● **Task to complete**: Word for word, repeat all the entries below, but without the pictures.

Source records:
+++++

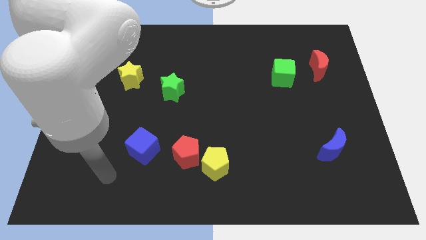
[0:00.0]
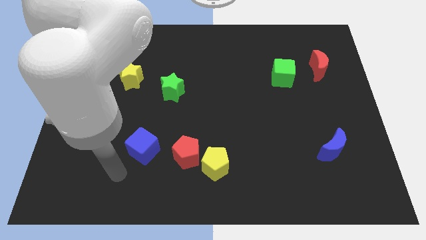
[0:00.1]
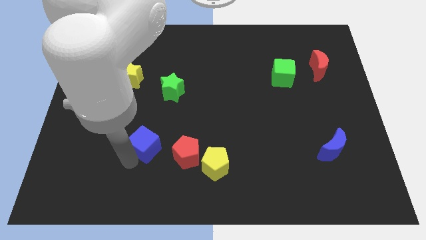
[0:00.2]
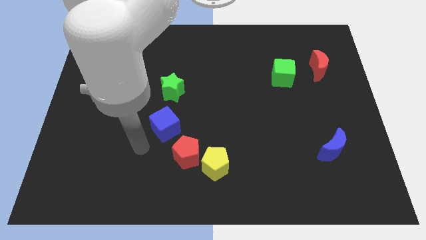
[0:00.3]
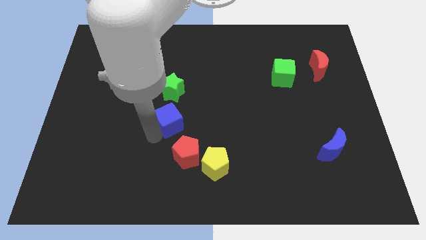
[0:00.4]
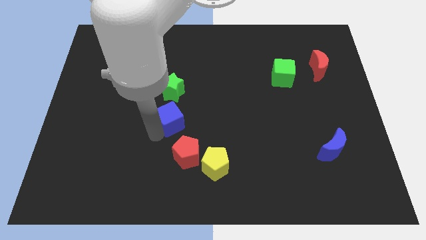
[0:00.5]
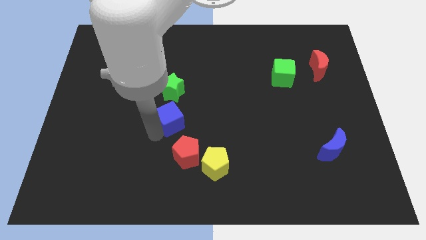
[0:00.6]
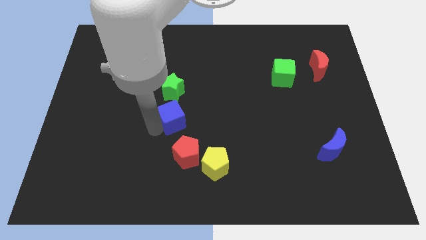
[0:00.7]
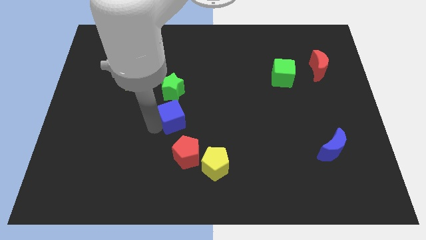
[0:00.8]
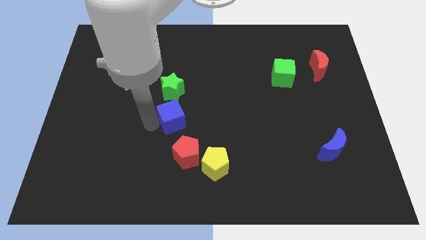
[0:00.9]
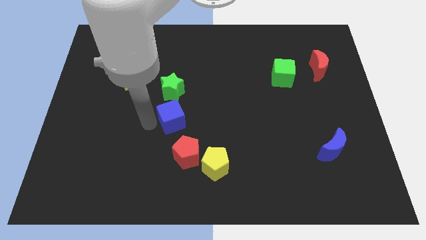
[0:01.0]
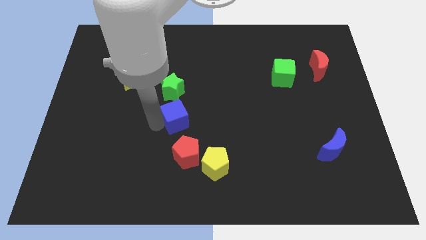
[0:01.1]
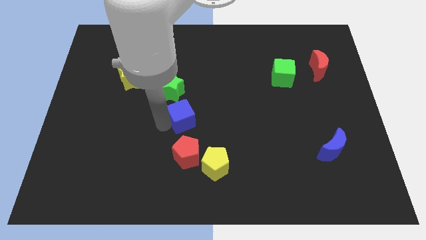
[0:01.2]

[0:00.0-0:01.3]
push the blue cube diagonally in between red pentagon and green star

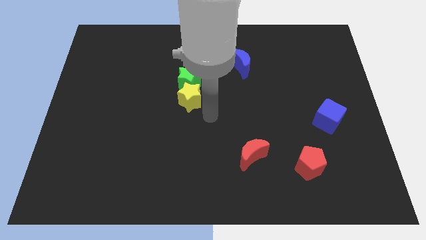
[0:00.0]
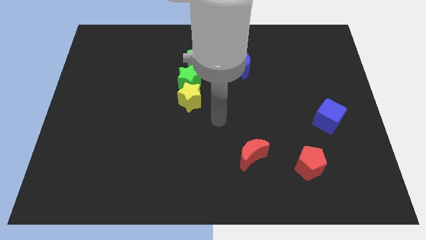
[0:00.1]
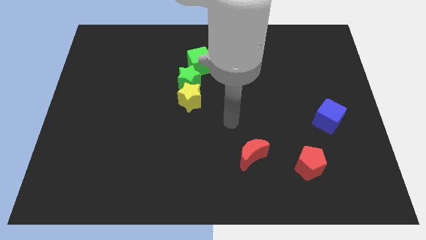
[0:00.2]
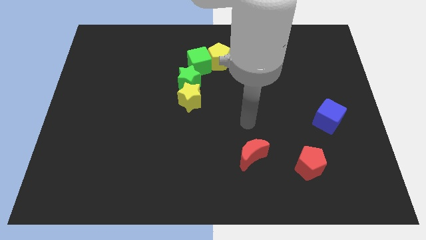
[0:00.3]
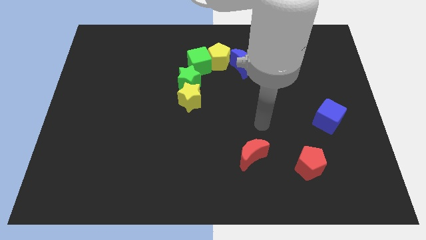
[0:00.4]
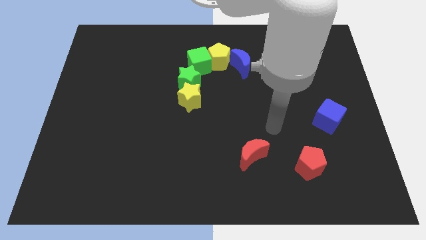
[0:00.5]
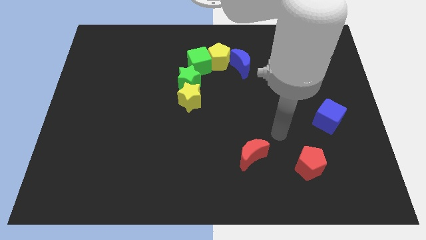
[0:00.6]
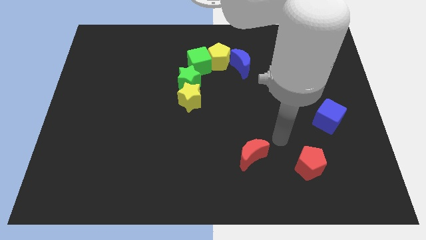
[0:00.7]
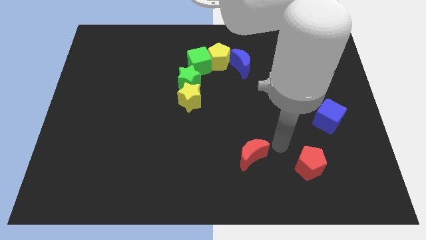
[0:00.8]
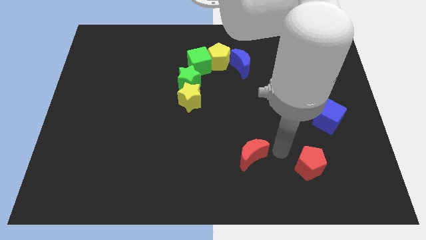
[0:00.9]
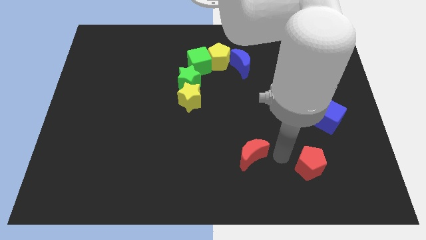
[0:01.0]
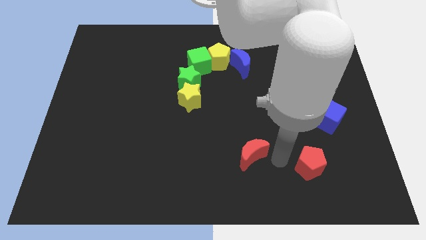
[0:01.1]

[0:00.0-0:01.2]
move your arm to the left of the red pentagon

+++++

● **Task output**:
[0:00.0]
[0:00.1]
[0:00.2]
[0:00.3]
[0:00.4]
[0:00.5]
[0:00.6]
[0:00.7]
[0:00.8]
[0:00.9]
[0:01.0]
[0:01.1]
[0:01.2]

[0:00.0-0:01.3]
push the blue cube diagonally in between red pentagon and green star

[0:00.0]
[0:00.1]
[0:00.2]
[0:00.3]
[0:00.4]
[0:00.5]
[0:00.6]
[0:00.7]
[0:00.8]
[0:00.9]
[0:01.0]
[0:01.1]

[0:00.0-0:01.2]
move your arm to the left of the red pentagon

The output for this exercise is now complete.